### WHAT TO DO
Give back the data below word for word. Any image in it should be left out.

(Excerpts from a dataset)
☆ ☆ ☆

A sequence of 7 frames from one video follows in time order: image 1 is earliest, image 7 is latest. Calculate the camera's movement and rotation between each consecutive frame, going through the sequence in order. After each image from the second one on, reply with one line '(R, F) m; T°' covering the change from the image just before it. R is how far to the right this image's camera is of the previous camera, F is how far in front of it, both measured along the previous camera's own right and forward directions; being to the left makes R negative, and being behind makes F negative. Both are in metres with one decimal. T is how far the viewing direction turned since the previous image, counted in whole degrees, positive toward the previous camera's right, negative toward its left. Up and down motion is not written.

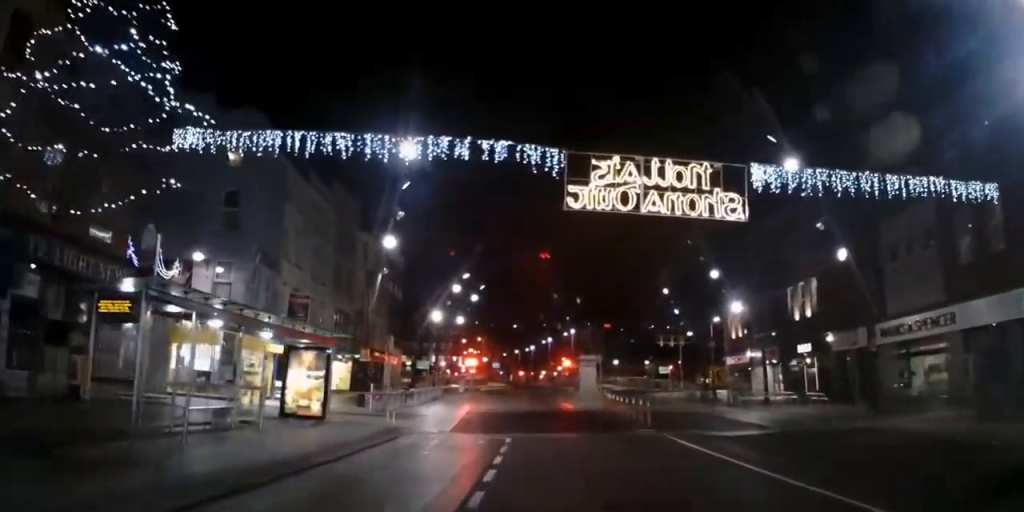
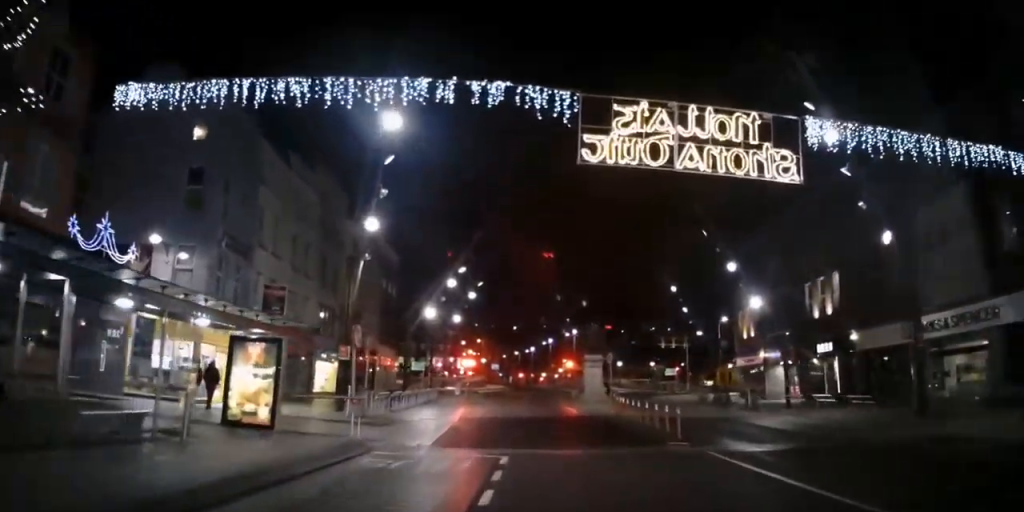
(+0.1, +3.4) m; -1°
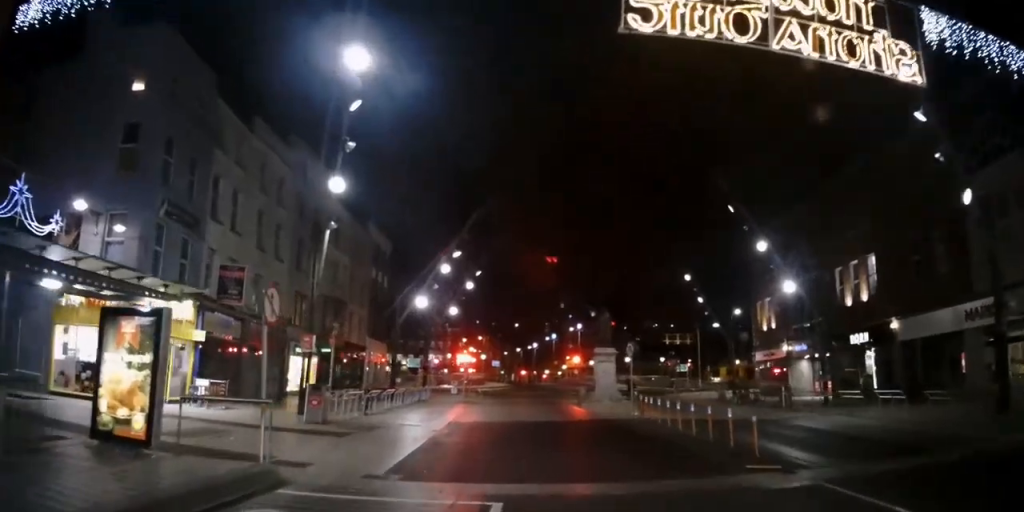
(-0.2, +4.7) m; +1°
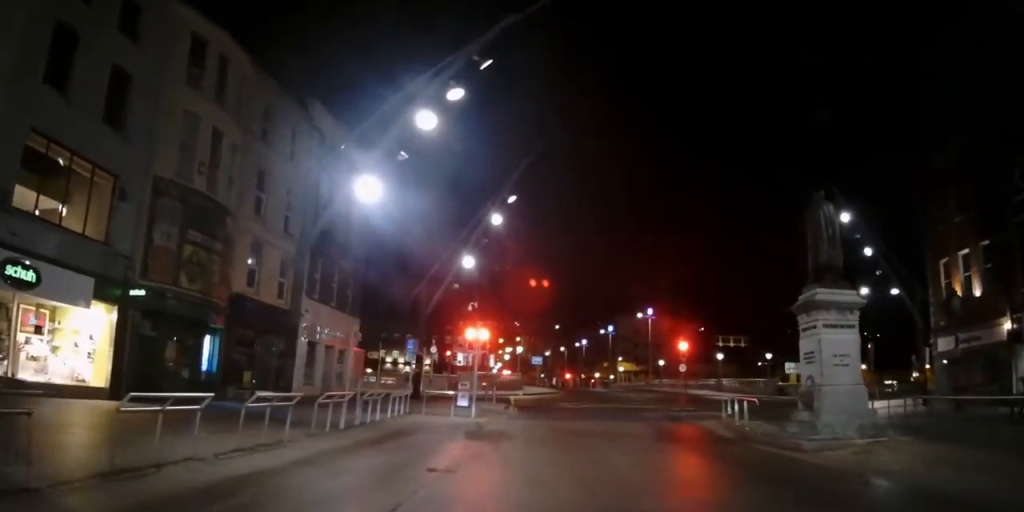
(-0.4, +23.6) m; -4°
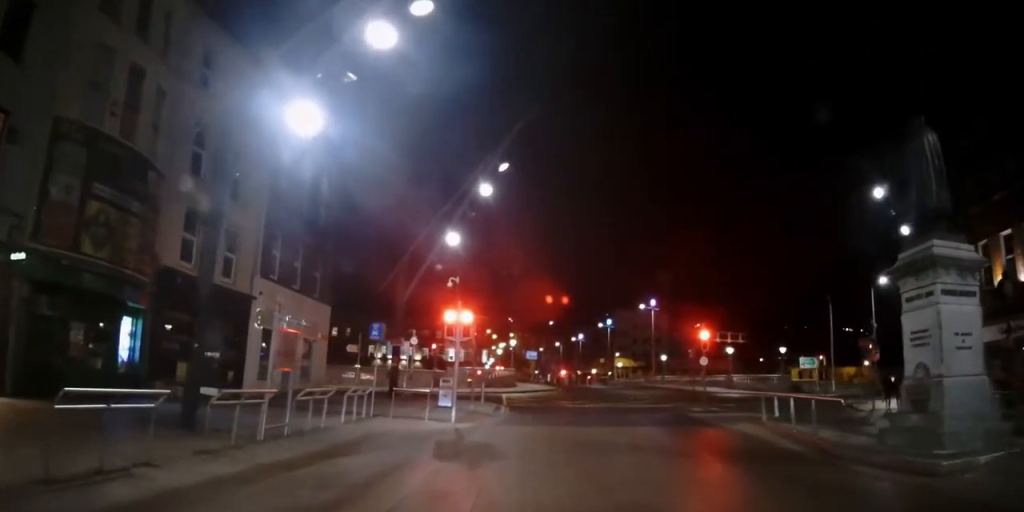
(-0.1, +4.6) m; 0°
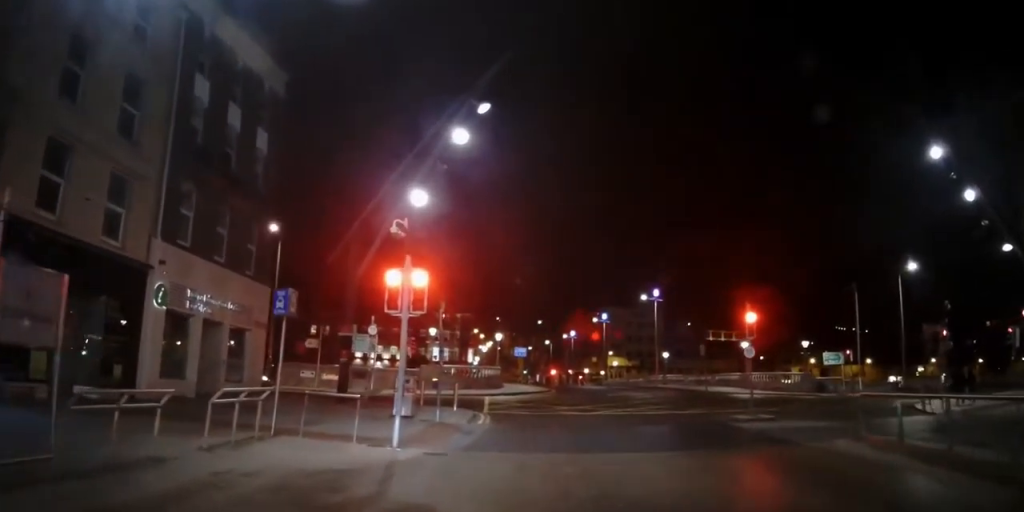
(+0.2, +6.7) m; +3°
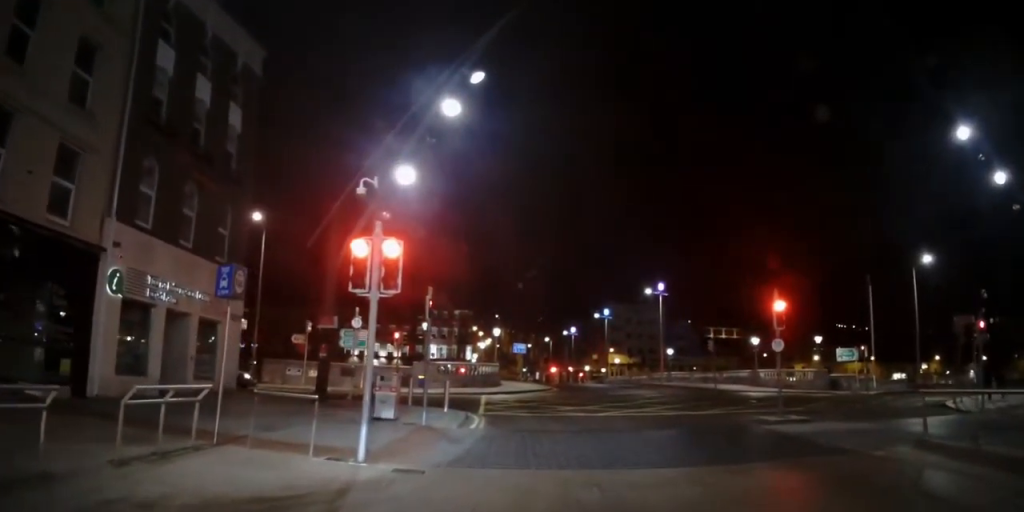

☆ ☆ ☆

### RESULT OF THE TASK
A sequence of 7 frames from one video follows in time order: image 1 is earliest, image 7 is latest. Calculate the camera's movement and rotation between each consecutive frame, going through the sequence in order. After each image from the second one on, reply with one line '(R, F) m; T°' covering the change from the image just before it. R is how far to the right this image's camera is of the previous camera, F is how far in front of it, both measured along the previous camera's own right and forward directions; being to the left makes R negative, and being behind makes F negative. Both are in metres with one decimal. T is how far the viewing direction turned since the previous image, counted in whole degrees, positive toward the previous camera's right, negative toward its left. Up and down motion is not written.

(+0.1, +3.4) m; -1°
(-0.2, +4.7) m; +1°
(-0.4, +23.6) m; -4°
(-0.1, +4.6) m; 0°
(+0.2, +6.7) m; +3°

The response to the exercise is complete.